Exercise prompt:
The records below must be copied in full; omit the images.

Exercise input:
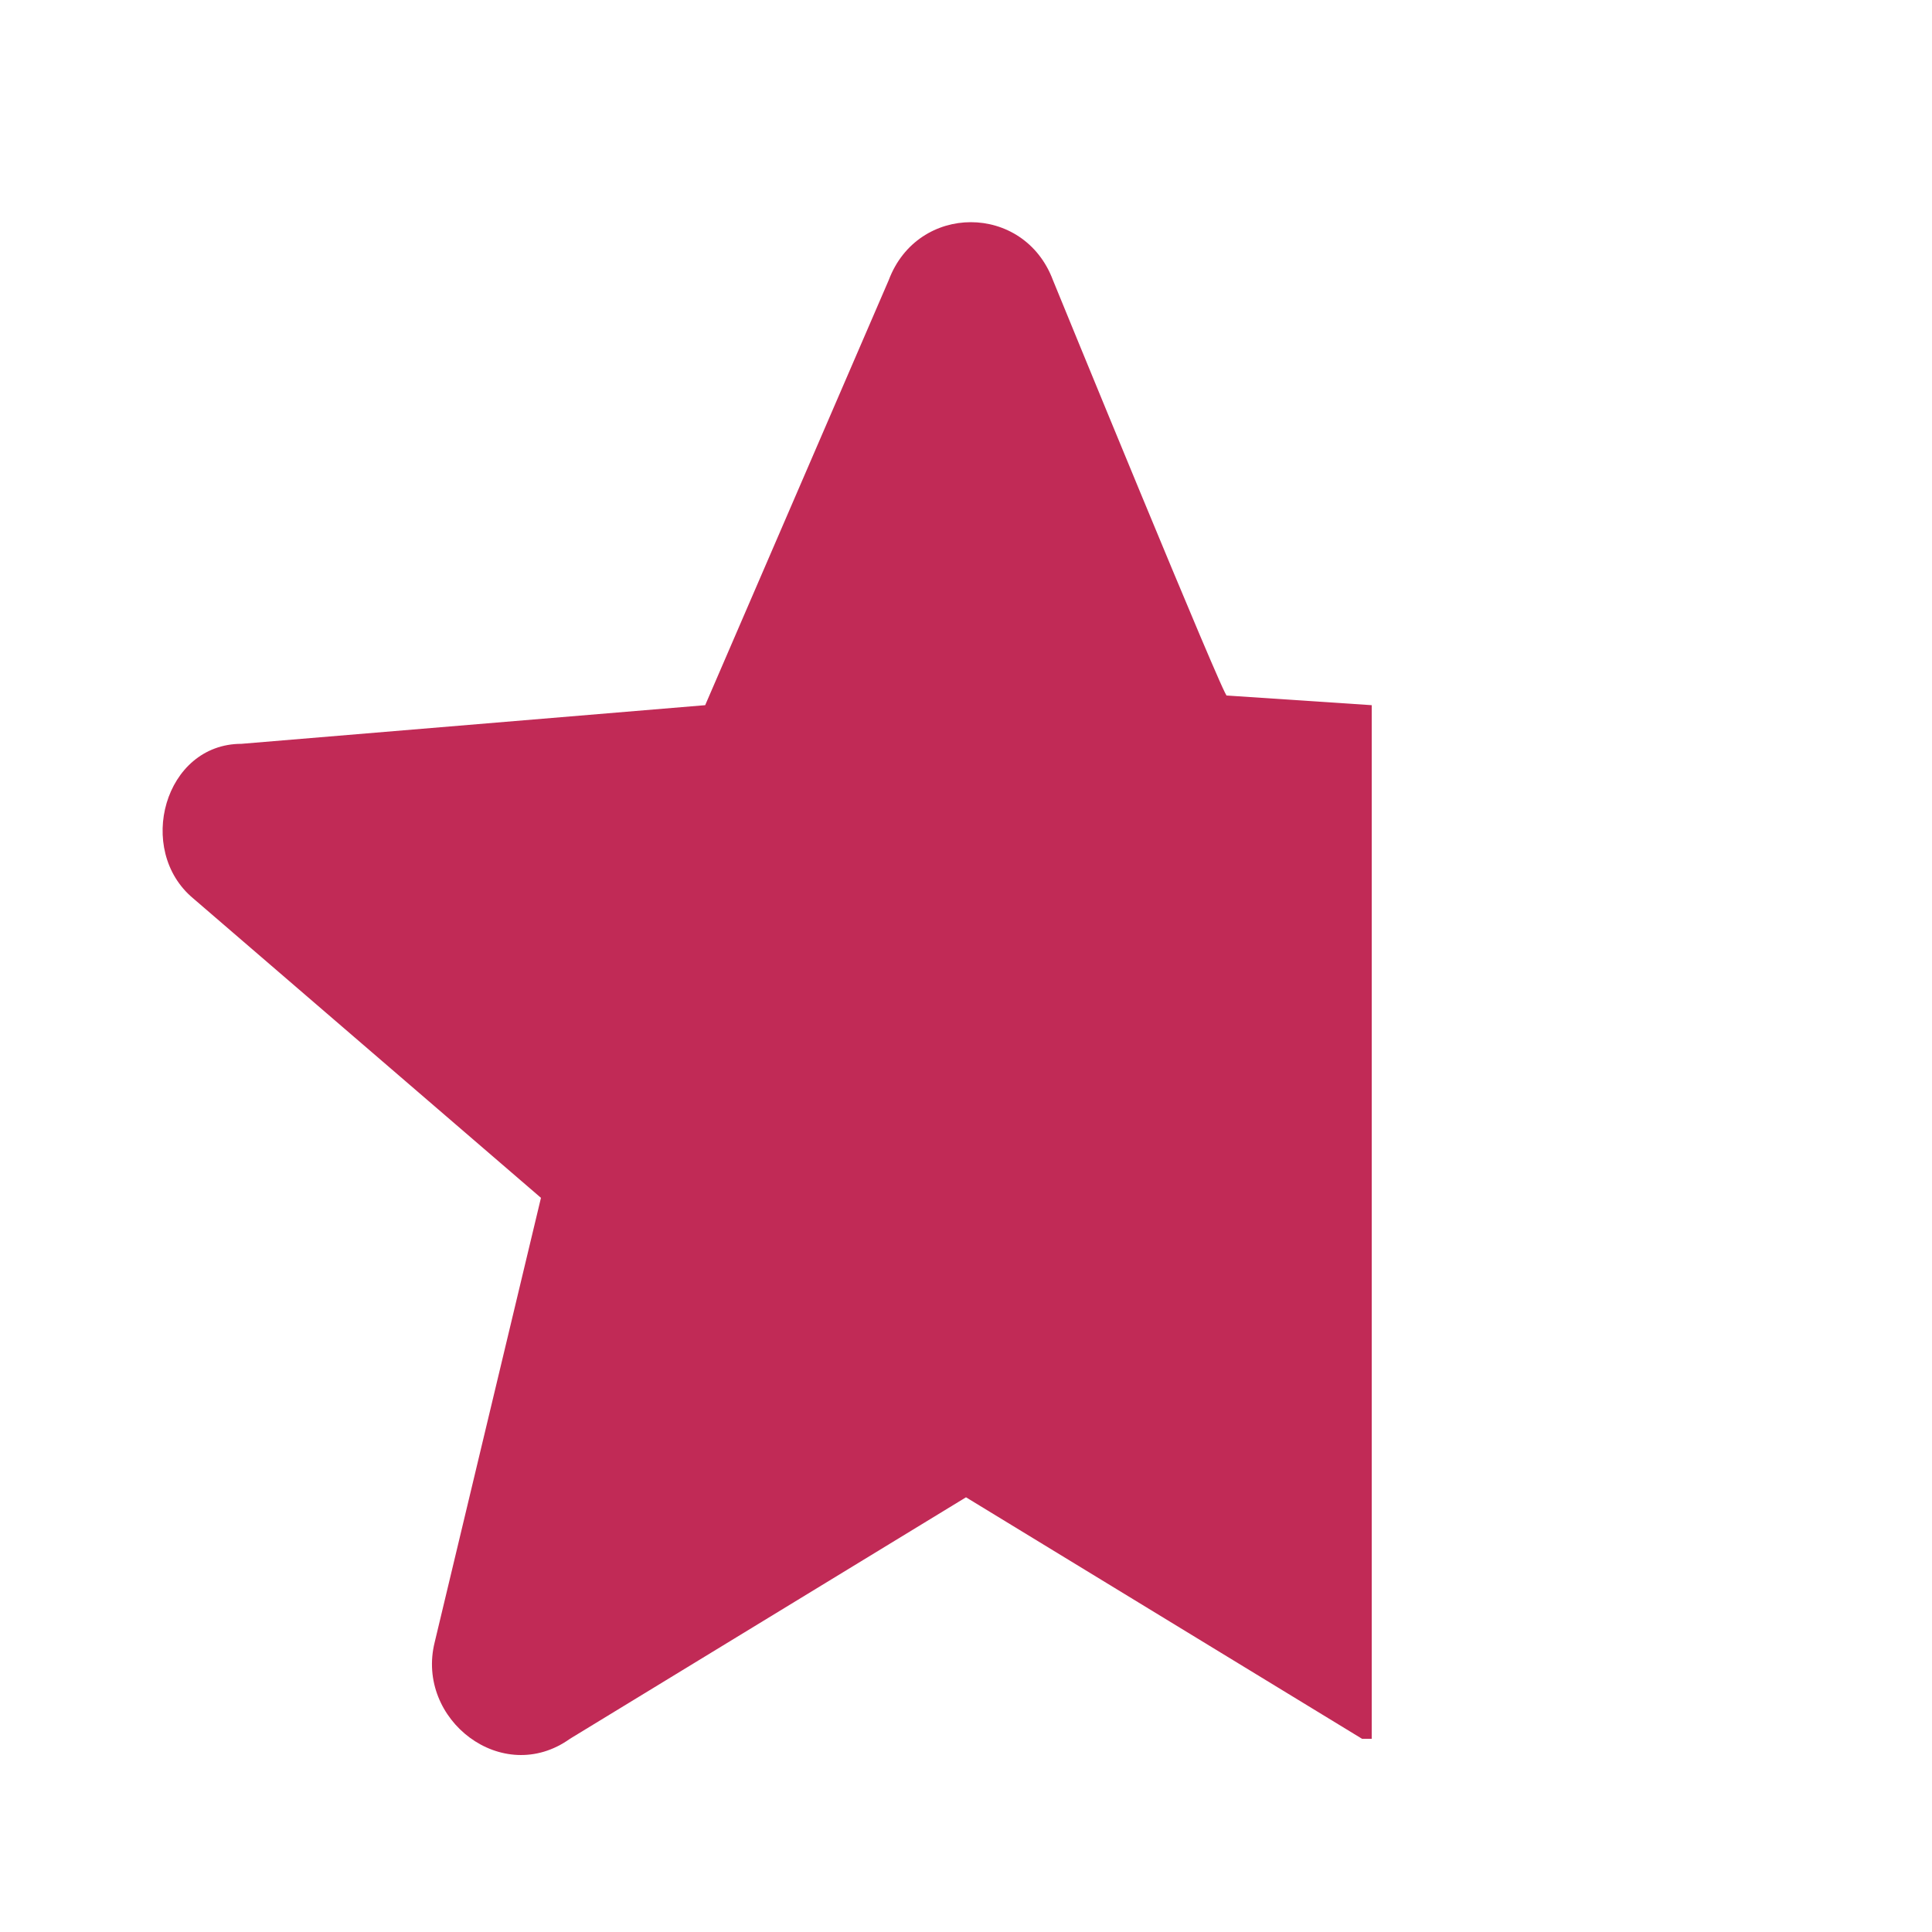 <?xml version="1.0" encoding="utf-8"?>
<!-- Generator: Adobe Illustrator 27.4.0, SVG Export Plug-In . SVG Version: 6.00 Build 0)  -->
<svg version="1.1" id="Layer_2_00000072985365768810023200000012929569261734434433_"
	 xmlns="http://www.w3.org/2000/svg" xmlns:xlink="http://www.w3.org/1999/xlink" x="0px" y="0px" viewBox="0 0 20 20"
	 style="enable-background:new 0 0 20 20;" xml:space="preserve">
<style type="text/css">
	.st0{fill-rule:evenodd;clip-rule:evenodd;fill:#C12A56;}
</style>
<path class="st0" d="M10.9,2.9c-0.3-0.8-1.4-0.8-1.7,0L7.3,7.3L2.5,7.7C1.7,7.7,1.4,8.8,2,9.3l3.6,3.1L4.5,17
	c-0.2,0.8,0.7,1.5,1.4,1l4.1-2.5l4.1,2.5c0,0,0,0,0.1,0l0-10.7l-1.5-0.1C12.7,7.3,10.9,2.9,10.9,2.9z"/>
</svg>

Result of the task:
 <?xml version="1.0" encoding="utf-8"?>
<!-- Generator: Adobe Illustrator 27.4.0, SVG Export Plug-In . SVG Version: 6.00 Build 0)  -->
<svg version="1.1" id="Layer_2_00000072985365768810023200000012929569261734434433_"
	 xmlns="http://www.w3.org/2000/svg" xmlns:xlink="http://www.w3.org/1999/xlink" x="0px" y="0px" viewBox="0 0 20 20"
	 style="enable-background:new 0 0 20 20;" xml:space="preserve">
<style type="text/css">
	.st0{fill-rule:evenodd;clip-rule:evenodd;fill:#C12A56;}
</style>
<path class="st0" d="M10.9,2.9c-0.3-0.8-1.4-0.8-1.7,0L7.3,7.3L2.5,7.7C1.7,7.7,1.4,8.8,2,9.3l3.6,3.1L4.5,17
	c-0.2,0.8,0.7,1.5,1.4,1l4.1-2.5l4.1,2.5c0,0,0,0,0.1,0l0-10.7l-1.5-0.1C12.7,7.3,10.9,2.9,10.9,2.9z"/>
</svg>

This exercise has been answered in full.